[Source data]
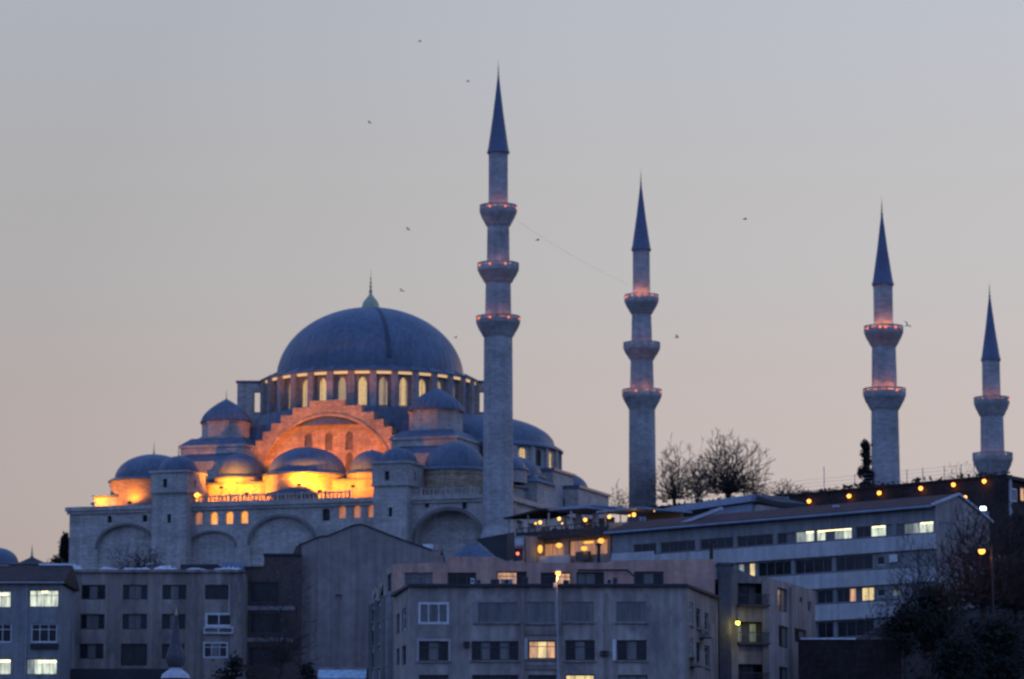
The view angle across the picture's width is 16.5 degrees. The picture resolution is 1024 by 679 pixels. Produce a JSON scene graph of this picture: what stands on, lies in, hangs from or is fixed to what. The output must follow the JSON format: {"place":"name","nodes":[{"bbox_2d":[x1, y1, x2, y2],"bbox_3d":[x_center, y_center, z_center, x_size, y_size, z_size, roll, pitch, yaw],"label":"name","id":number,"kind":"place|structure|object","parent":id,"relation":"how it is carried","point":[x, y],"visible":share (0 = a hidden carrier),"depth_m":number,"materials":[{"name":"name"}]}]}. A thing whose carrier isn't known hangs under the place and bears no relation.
{"place":"outdoors","nodes":[
{"label":"outdoors","id":0,"kind":"place"},
{"bbox_2d":[0,0,1023,562],"label":"sky","id":1,"kind":"structure","parent":0,"point":[187,187],"materials":[{"name":"grey"}]},
{"bbox_2d":[622,174,661,521],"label":"minaret","id":2,"kind":"object","parent":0,"point":[642,396],"visible":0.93,"depth_m":570.97,"materials":[{"name":"grey stone"}]},
{"bbox_2d":[863,196,905,485],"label":"minaret","id":3,"kind":"object","parent":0,"point":[884,396],"visible":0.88,"depth_m":484.50,"materials":[{"name":"grey stone"}]},
{"bbox_2d":[855,607,1023,678],"bbox_3d":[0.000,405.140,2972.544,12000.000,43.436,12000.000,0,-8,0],"label":"ground","id":4,"kind":"structure","parent":0,"point":[919,660],"depth_m":314.67,"materials":[{"name":"plant"}]},
{"bbox_2d":[0,548,17,565],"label":"domed building","id":5,"kind":"structure","parent":4,"relation":"on","point":[7,557],"depth_m":438.69,"materials":[{"name":"metal"}]},
{"bbox_2d":[8,548,45,565],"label":"tomb","id":6,"kind":"object","parent":4,"relation":"on","point":[31,561],"visible":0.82,"depth_m":418.83,"materials":[{"name":"stone"}]},
{"bbox_2d":[0,563,79,678],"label":"tiled house","id":7,"kind":"structure","parent":4,"relation":"on","point":[37,621],"depth_m":329.68,"materials":[{"name":"paint"}]},
{"bbox_2d":[0,591,10,607],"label":"window","id":8,"kind":"structure","parent":7,"relation":"in","point":[5,596],"depth_m":329.98,"materials":[{"name":"yellow"}]},
{"bbox_2d":[0,659,10,674],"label":"window","id":9,"kind":"structure","parent":7,"relation":"in","point":[5,664],"depth_m":329.18,"materials":[{"name":"yellow"}]},
{"bbox_2d":[0,623,11,642],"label":"window","id":10,"kind":"structure","parent":7,"relation":"in","point":[5,628],"depth_m":329.58,"materials":[{"name":"black glass"}]},
{"bbox_2d":[26,659,56,674],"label":"window","id":11,"kind":"structure","parent":7,"relation":"in","point":[33,666],"depth_m":329.18,"materials":[{"name":"yellow"}]},
{"bbox_2d":[29,590,58,606],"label":"window","id":12,"kind":"structure","parent":7,"relation":"in","point":[37,598],"depth_m":330.06,"materials":[{"name":"yellow"}]},
{"bbox_2d":[31,623,57,642],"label":"window","id":13,"kind":"structure","parent":7,"relation":"in","point":[40,632],"depth_m":329.58,"materials":[{"name":"black glass"}]},
{"bbox_2d":[57,531,68,562],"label":"cypress tree","id":14,"kind":"object","parent":4,"relation":"on","point":[64,548],"visible":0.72,"depth_m":530.39,"materials":[{"name":"green plant"}]},
{"bbox_2d":[107,543,166,568],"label":"bare tree","id":15,"kind":"object","parent":4,"relation":"on","point":[136,564],"visible":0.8,"depth_m":469.92,"materials":[{"name":"brown plant"}]},
{"bbox_2d":[70,562,249,678],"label":"apartment block","id":16,"kind":"structure","parent":4,"relation":"on","point":[124,621],"depth_m":344.63,"materials":[{"name":"grey concrete"}]},
{"bbox_2d":[79,644,103,658],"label":"window","id":17,"kind":"structure","parent":16,"relation":"in","point":[87,651],"depth_m":344.30,"materials":[{"name":"black glass"}]},
{"bbox_2d":[80,614,104,628],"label":"window","id":18,"kind":"structure","parent":16,"relation":"in","point":[88,621],"depth_m":344.72,"materials":[{"name":"black glass"}]},
{"bbox_2d":[81,585,105,599],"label":"window","id":19,"kind":"structure","parent":16,"relation":"in","point":[89,592],"depth_m":345.14,"materials":[{"name":"black glass"}]},
{"bbox_2d":[121,644,146,665],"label":"window","id":20,"kind":"structure","parent":16,"relation":"in","point":[131,654],"depth_m":344.22,"materials":[{"name":"glass"}]},
{"bbox_2d":[122,614,146,628],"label":"window","id":21,"kind":"structure","parent":16,"relation":"in","point":[130,621],"depth_m":344.72,"materials":[{"name":"black glass"}]},
{"bbox_2d":[123,585,147,599],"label":"window","id":22,"kind":"structure","parent":16,"relation":"in","point":[130,592],"depth_m":345.14,"materials":[{"name":"black glass"}]},
{"bbox_2d":[162,614,184,628],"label":"window","id":23,"kind":"structure","parent":16,"relation":"in","point":[167,619],"depth_m":344.72,"materials":[{"name":"black glass"}]},
{"bbox_2d":[162,585,185,599],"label":"window","id":24,"kind":"structure","parent":16,"relation":"in","point":[169,592],"depth_m":345.14,"materials":[{"name":"black glass"}]},
{"bbox_2d":[203,642,227,657],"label":"window","id":25,"kind":"structure","parent":16,"relation":"in","point":[210,649],"depth_m":344.13,"materials":[{"name":"grey glass"}]},
{"bbox_2d":[205,585,228,599],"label":"window","id":26,"kind":"structure","parent":16,"relation":"in","point":[212,592],"depth_m":345.14,"materials":[{"name":"black glass"}]},
{"bbox_2d":[205,613,229,626],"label":"window","id":27,"kind":"structure","parent":16,"relation":"in","point":[211,619],"depth_m":344.55,"materials":[{"name":"white glass"}]},
{"bbox_2d":[161,605,189,678],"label":"stone turret","id":28,"kind":"object","parent":4,"relation":"on","point":[175,658],"visible":1,"depth_m":248.85,"materials":[{"name":"grey stone"}]},
{"bbox_2d":[211,650,253,678],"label":"shrub","id":29,"kind":"object","parent":4,"relation":"on","point":[235,670],"visible":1,"depth_m":336.59,"materials":[{"name":"green plant"}]},
{"bbox_2d":[244,546,301,678],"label":"brick house","id":30,"kind":"structure","parent":4,"relation":"on","point":[288,564],"depth_m":350.24,"materials":[{"name":"brown brick"}]},
{"bbox_2d":[249,648,278,665],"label":"window","id":31,"kind":"structure","parent":30,"relation":"in","point":[254,660],"depth_m":349.72,"materials":[{"name":"black glass"}]},
{"bbox_2d":[250,582,278,602],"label":"window","id":32,"kind":"structure","parent":30,"relation":"in","point":[253,585],"depth_m":350.58,"materials":[{"name":"black glass"}]},
{"bbox_2d":[250,614,280,632],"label":"window","id":33,"kind":"structure","parent":30,"relation":"in","point":[254,625],"depth_m":350.15,"materials":[{"name":"black glass"}]},
{"bbox_2d":[246,567,319,678],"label":"bare tree","id":34,"kind":"object","parent":4,"relation":"on","point":[283,653],"visible":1,"depth_m":333.91,"materials":[{"name":"brown plant"}]},
{"bbox_2d":[296,660,317,678],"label":"shrub","id":35,"kind":"object","parent":4,"relation":"on","point":[308,670],"visible":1,"depth_m":294.90,"materials":[{"name":"green plant"}]},
{"bbox_2d":[65,277,610,568],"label":"mosque","id":36,"kind":"structure","parent":4,"relation":"on","point":[382,405],"depth_m":522.16,"materials":[{"name":"stone"}]},
{"bbox_2d":[338,377,345,399],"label":"window","id":37,"kind":"structure","parent":36,"relation":"in","point":[342,383],"depth_m":533.65,"materials":[{"name":"yellow glass"}]},
{"bbox_2d":[358,377,366,404],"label":"window","id":38,"kind":"structure","parent":36,"relation":"in","point":[362,385],"depth_m":533.26,"materials":[{"name":"yellow glass"}]},
{"bbox_2d":[379,377,386,404],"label":"window","id":39,"kind":"structure","parent":36,"relation":"in","point":[382,383],"depth_m":533.39,"materials":[{"name":"grey glass"}]},
{"bbox_2d":[399,378,406,405],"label":"window","id":40,"kind":"structure","parent":36,"relation":"in","point":[403,385],"depth_m":534.17,"materials":[{"name":"yellow glass"}]},
{"bbox_2d":[318,667,368,678],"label":"awning shop","id":41,"kind":"structure","parent":4,"relation":"on","point":[343,672],"depth_m":298.61,"materials":[{"name":"fabric"}]},
{"bbox_2d":[298,523,444,678],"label":"gable house","id":42,"kind":"structure","parent":4,"relation":"on","point":[349,566],"depth_m":352.04,"materials":[{"name":"grey concrete"}]},
{"bbox_2d":[453,544,492,556],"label":"hip roof hut","id":43,"kind":"object","parent":4,"relation":"on","point":[472,550],"visible":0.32,"depth_m":329.23,"materials":[{"name":"grey metal"}]},
{"bbox_2d":[476,532,514,560],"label":"dark roofed shed","id":44,"kind":"structure","parent":4,"relation":"on","point":[501,546],"depth_m":356.65,"materials":[{"name":"metal"}]},
{"bbox_2d":[476,64,519,562],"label":"minaret","id":45,"kind":"object","parent":4,"relation":"on","point":[498,323],"visible":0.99,"depth_m":503.03,"materials":[{"name":"grey stone"}]},
{"bbox_2d":[367,543,714,678],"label":"salmon house","id":46,"kind":"structure","parent":4,"relation":"on","point":[699,573],"depth_m":298.25,"materials":[{"name":"paint"}]},
{"bbox_2d":[405,573,432,584],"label":"window","id":47,"kind":"structure","parent":46,"relation":"in","point":[410,578],"depth_m":298.26,"materials":[{"name":"glass"}]},
{"bbox_2d":[448,573,475,583],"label":"window","id":48,"kind":"structure","parent":46,"relation":"in","point":[453,578],"depth_m":298.26,"materials":[{"name":"black glass"}]},
{"bbox_2d":[497,572,526,583],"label":"window","id":49,"kind":"structure","parent":46,"relation":"in","point":[516,576],"depth_m":298.33,"materials":[{"name":"yellow"}]},
{"bbox_2d":[541,573,570,583],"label":"window","id":50,"kind":"structure","parent":46,"relation":"in","point":[546,578],"depth_m":298.26,"materials":[{"name":"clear glass"}]},
{"bbox_2d":[576,572,603,583],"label":"window","id":51,"kind":"structure","parent":46,"relation":"in","point":[582,577],"depth_m":298.26,"materials":[{"name":"black glass"}]},
{"bbox_2d":[607,551,653,562],"bbox_3d":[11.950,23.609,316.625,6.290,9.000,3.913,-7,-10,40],"label":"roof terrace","id":52,"kind":"structure","parent":46,"relation":"on","point":[647,555],"depth_m":316.70,"materials":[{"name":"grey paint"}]},
{"bbox_2d":[634,572,663,583],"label":"window","id":53,"kind":"structure","parent":46,"relation":"in","point":[639,577],"depth_m":298.26,"materials":[{"name":"black glass"}]},
{"bbox_2d":[390,584,721,678],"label":"grey block","id":54,"kind":"structure","parent":4,"relation":"on","point":[645,631],"depth_m":279.57,"materials":[{"name":"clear concrete"}]},
{"bbox_2d":[418,602,448,623],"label":"window","id":55,"kind":"structure","parent":54,"relation":"in","point":[428,612],"depth_m":279.71,"materials":[{"name":"grey glass"}]},
{"bbox_2d":[417,639,450,662],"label":"window","id":56,"kind":"structure","parent":54,"relation":"in","point":[428,650],"depth_m":279.44,"materials":[{"name":"black glass"}]},
{"bbox_2d":[470,641,519,661],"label":"window","id":57,"kind":"structure","parent":54,"relation":"in","point":[482,651],"depth_m":279.44,"materials":[{"name":"black glass"}]},
{"bbox_2d":[472,675,518,678],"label":"window","id":58,"kind":"structure","parent":54,"relation":"in","point":[473,676],"depth_m":279.16,"materials":[{"name":"black glass"}]},
{"bbox_2d":[473,602,519,623],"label":"window","id":59,"kind":"structure","parent":54,"relation":"in","point":[488,612],"depth_m":279.78,"materials":[{"name":"grey glass"}]},
{"bbox_2d":[524,602,555,624],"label":"window","id":60,"kind":"structure","parent":54,"relation":"in","point":[537,613],"depth_m":279.78,"materials":[{"name":"grey glass"}]},
{"bbox_2d":[527,641,556,660],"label":"window","id":61,"kind":"structure","parent":54,"relation":"in","point":[537,650],"depth_m":279.44,"materials":[{"name":"yellow glass"}]},
{"bbox_2d":[563,602,595,623],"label":"window","id":62,"kind":"structure","parent":54,"relation":"in","point":[575,612],"depth_m":279.78,"materials":[{"name":"grey glass"}]},
{"bbox_2d":[564,640,596,661],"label":"window","id":63,"kind":"structure","parent":54,"relation":"in","point":[575,650],"depth_m":279.44,"materials":[{"name":"black glass"}]},
{"bbox_2d":[614,602,647,623],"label":"window","id":64,"kind":"structure","parent":54,"relation":"in","point":[626,612],"depth_m":279.78,"materials":[{"name":"grey glass"}]},
{"bbox_2d":[615,640,647,661],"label":"window","id":65,"kind":"structure","parent":54,"relation":"in","point":[627,650],"depth_m":279.44,"materials":[{"name":"black glass"}]},
{"bbox_2d":[553,568,560,678],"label":"street lamp","id":66,"kind":"object","parent":4,"relation":"on","point":[558,571],"visible":1,"depth_m":261.63,"materials":[{"name":"metal"}]},
{"bbox_2d":[503,504,691,562],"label":"cafe","id":67,"kind":"structure","parent":4,"relation":"on","point":[588,533],"depth_m":389.69,"materials":[{"name":"brown"}]},
{"bbox_2d":[545,542,563,555],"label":"window","id":68,"kind":"structure","parent":67,"relation":"in","point":[551,549],"depth_m":391.10,"materials":[{"name":"orange"}]},
{"bbox_2d":[570,538,606,556],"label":"window","id":69,"kind":"structure","parent":67,"relation":"in","point":[575,545],"depth_m":387.96,"materials":[{"name":"orange"}]},
{"bbox_2d":[644,434,707,504],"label":"bare tree","id":70,"kind":"object","parent":4,"relation":"on","point":[673,493],"visible":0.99,"depth_m":467.58,"materials":[{"name":"brown plant"}]},
{"bbox_2d":[680,436,714,499],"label":"bare tree","id":71,"kind":"object","parent":4,"relation":"on","point":[698,494],"visible":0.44,"depth_m":477.84,"materials":[{"name":"brown plant"}]},
{"bbox_2d":[640,495,807,520],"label":"metal roofed hall","id":72,"kind":"structure","parent":4,"relation":"on","point":[746,503],"depth_m":397.00,"materials":[{"name":"grey metal"}]},
{"bbox_2d":[685,429,775,498],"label":"bare tree","id":73,"kind":"object","parent":4,"relation":"on","point":[731,484],"visible":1,"depth_m":462.88,"materials":[{"name":"brown plant"}]},
{"bbox_2d":[708,543,814,678],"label":"balcony flats","id":74,"kind":"structure","parent":4,"relation":"on","point":[775,617],"depth_m":299.90,"materials":[{"name":"grey concrete"}]},
{"bbox_2d":[738,584,761,603],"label":"window","id":75,"kind":"structure","parent":74,"relation":"in","point":[742,588],"depth_m":300.82,"materials":[{"name":"black glass"}]},
{"bbox_2d":[738,622,761,641],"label":"window","id":76,"kind":"structure","parent":74,"relation":"in","point":[743,626],"depth_m":300.30,"materials":[{"name":"grey"}]},
{"bbox_2d":[738,665,761,678],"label":"window","id":77,"kind":"structure","parent":74,"relation":"in","point":[741,668],"depth_m":299.86,"materials":[{"name":"black glass"}]},
{"bbox_2d":[778,588,785,612],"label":"window","id":78,"kind":"structure","parent":74,"relation":"in","point":[781,592],"depth_m":305.55,"materials":[{"name":"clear glass"}]},
{"bbox_2d":[779,626,786,647],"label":"window","id":79,"kind":"structure","parent":74,"relation":"in","point":[782,630],"depth_m":305.33,"materials":[{"name":"black glass"}]},
{"bbox_2d":[757,479,803,495],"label":"bare tree","id":80,"kind":"object","parent":4,"relation":"on","point":[774,492],"visible":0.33,"depth_m":451.27,"materials":[{"name":"brown plant"}]},
{"bbox_2d":[603,493,993,638],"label":"long building","id":81,"kind":"structure","parent":4,"relation":"on","point":[838,559],"depth_m":354.66,"materials":[{"name":"paint"}]},
{"bbox_2d":[634,543,655,553],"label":"window","id":82,"kind":"structure","parent":81,"relation":"in","point":[652,546],"depth_m":373.37,"materials":[{"name":"black glass"}]},
{"bbox_2d":[661,540,694,552],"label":"window","id":83,"kind":"structure","parent":81,"relation":"in","point":[689,545],"depth_m":370.01,"materials":[{"name":"black glass"}]},
{"bbox_2d":[701,537,732,549],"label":"window","id":84,"kind":"structure","parent":81,"relation":"in","point":[727,542],"depth_m":366.06,"materials":[{"name":"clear glass"}]},
{"bbox_2d":[738,534,772,546],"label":"window","id":85,"kind":"structure","parent":81,"relation":"in","point":[765,539],"depth_m":362.50,"materials":[{"name":"black glass"}]},
{"bbox_2d":[759,560,790,576],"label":"window","id":86,"kind":"structure","parent":81,"relation":"in","point":[775,568],"depth_m":360.21,"materials":[{"name":"black glass"}]},
{"bbox_2d":[778,530,813,543],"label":"window","id":87,"kind":"structure","parent":81,"relation":"in","point":[803,536],"depth_m":358.63,"materials":[{"name":"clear glass"}]},
{"bbox_2d":[795,557,831,573],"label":"window","id":88,"kind":"structure","parent":81,"relation":"in","point":[817,565],"depth_m":356.62,"materials":[{"name":"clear glass"}]},
{"bbox_2d":[817,589,832,603],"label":"window","id":89,"kind":"structure","parent":81,"relation":"in","point":[823,596],"depth_m":355.14,"materials":[{"name":"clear glass"}]},
{"bbox_2d":[818,622,832,637],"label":"window","id":90,"kind":"structure","parent":81,"relation":"in","point":[825,629],"depth_m":354.71,"materials":[{"name":"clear glass"}]},
{"bbox_2d":[817,528,851,540],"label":"window","id":91,"kind":"structure","parent":81,"relation":"in","point":[841,533],"depth_m":355.06,"materials":[{"name":"grey glass"}]},
{"bbox_2d":[836,554,872,571],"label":"window","id":92,"kind":"structure","parent":81,"relation":"in","point":[859,562],"depth_m":352.89,"materials":[{"name":"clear glass"}]},
{"bbox_2d":[837,587,873,602],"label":"window","id":93,"kind":"structure","parent":81,"relation":"in","point":[849,594],"depth_m":352.46,"materials":[{"name":"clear glass"}]},
{"bbox_2d":[838,619,873,637],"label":"window","id":94,"kind":"structure","parent":81,"relation":"in","point":[845,628],"depth_m":352.21,"materials":[{"name":"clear glass"}]},
{"bbox_2d":[856,524,892,537],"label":"window","id":95,"kind":"structure","parent":81,"relation":"in","point":[878,530],"depth_m":351.43,"materials":[{"name":"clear glass"}]},
{"bbox_2d":[897,521,932,534],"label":"window","id":96,"kind":"structure","parent":81,"relation":"in","point":[916,527],"depth_m":347.81,"materials":[{"name":"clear glass"}]},
{"bbox_2d":[647,470,1023,551],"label":"terrace wall","id":97,"kind":"structure","parent":4,"relation":"on","point":[994,490],"depth_m":408.53,"materials":[{"name":"brown stone"}]},
{"bbox_2d":[796,452,1005,491],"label":"wire fence","id":98,"kind":"object","parent":97,"relation":"on","point":[990,462],"visible":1,"depth_m":412.76,"materials":[{"name":"metal"}]},
{"bbox_2d":[798,638,901,678],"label":"garden wall","id":99,"kind":"structure","parent":4,"relation":"on","point":[835,658],"depth_m":305.12,"materials":[{"name":"grey concrete"}]},
{"bbox_2d":[857,438,876,487],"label":"cypress tree","id":100,"kind":"object","parent":4,"relation":"on","point":[865,455],"visible":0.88,"depth_m":439.78,"materials":[{"name":"green plant"}]},
{"bbox_2d":[855,580,903,639],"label":"bare tree","id":101,"kind":"object","parent":4,"relation":"on","point":[881,632],"visible":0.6,"depth_m":315.52,"materials":[{"name":"brown plant"}]},
{"bbox_2d":[880,603,922,678],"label":"evergreen tree","id":102,"kind":"object","parent":4,"relation":"on","point":[900,633],"visible":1,"depth_m":302.22,"materials":[{"name":"green plant"}]},
{"bbox_2d":[873,526,968,656],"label":"bare tree","id":103,"kind":"object","parent":4,"relation":"on","point":[918,582],"visible":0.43,"depth_m":313.80,"materials":[{"name":"brown plant"}]},
{"bbox_2d":[901,580,969,678],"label":"evergreen tree","id":104,"kind":"object","parent":4,"relation":"on","point":[932,604],"visible":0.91,"depth_m":303.92,"materials":[{"name":"green plant"}]},
{"bbox_2d":[856,591,1023,678],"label":"undergrowth","id":105,"kind":"object","parent":4,"relation":"on","point":[971,625],"visible":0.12,"depth_m":319.46,"materials":[{"name":"green plant"}]},
{"bbox_2d":[920,624,992,678],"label":"evergreen tree","id":106,"kind":"object","parent":4,"relation":"on","point":[960,651],"visible":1,"depth_m":294.74,"materials":[{"name":"green plant"}]},
{"bbox_2d":[931,489,1023,621],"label":"bare tree","id":107,"kind":"object","parent":4,"relation":"on","point":[977,589],"visible":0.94,"depth_m":311.14,"materials":[{"name":"brown plant"}]},
{"bbox_2d":[978,545,993,620],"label":"street lamp","id":108,"kind":"object","parent":4,"relation":"on","point":[981,550],"visible":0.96,"depth_m":304.04,"materials":[{"name":"metal"}]},
{"bbox_2d":[957,609,1023,678],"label":"evergreen tree","id":109,"kind":"object","parent":4,"relation":"on","point":[1001,636],"visible":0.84,"depth_m":298.00,"materials":[{"name":"green plant"}]},
{"bbox_2d":[985,500,1023,626],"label":"bare tree","id":110,"kind":"object","parent":4,"relation":"on","point":[1014,609],"visible":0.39,"depth_m":317.49,"materials":[{"name":"brown plant"}]},
{"bbox_2d":[972,284,1012,475],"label":"minaret","id":111,"kind":"object","parent":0,"point":[991,404],"visible":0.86,"depth_m":552.14,"materials":[{"name":"grey stone"}]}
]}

▶ _Task goal_
Line count for "lamp": count the lines of the records above that contain it and give only the number.

▶ _Exercise response_
2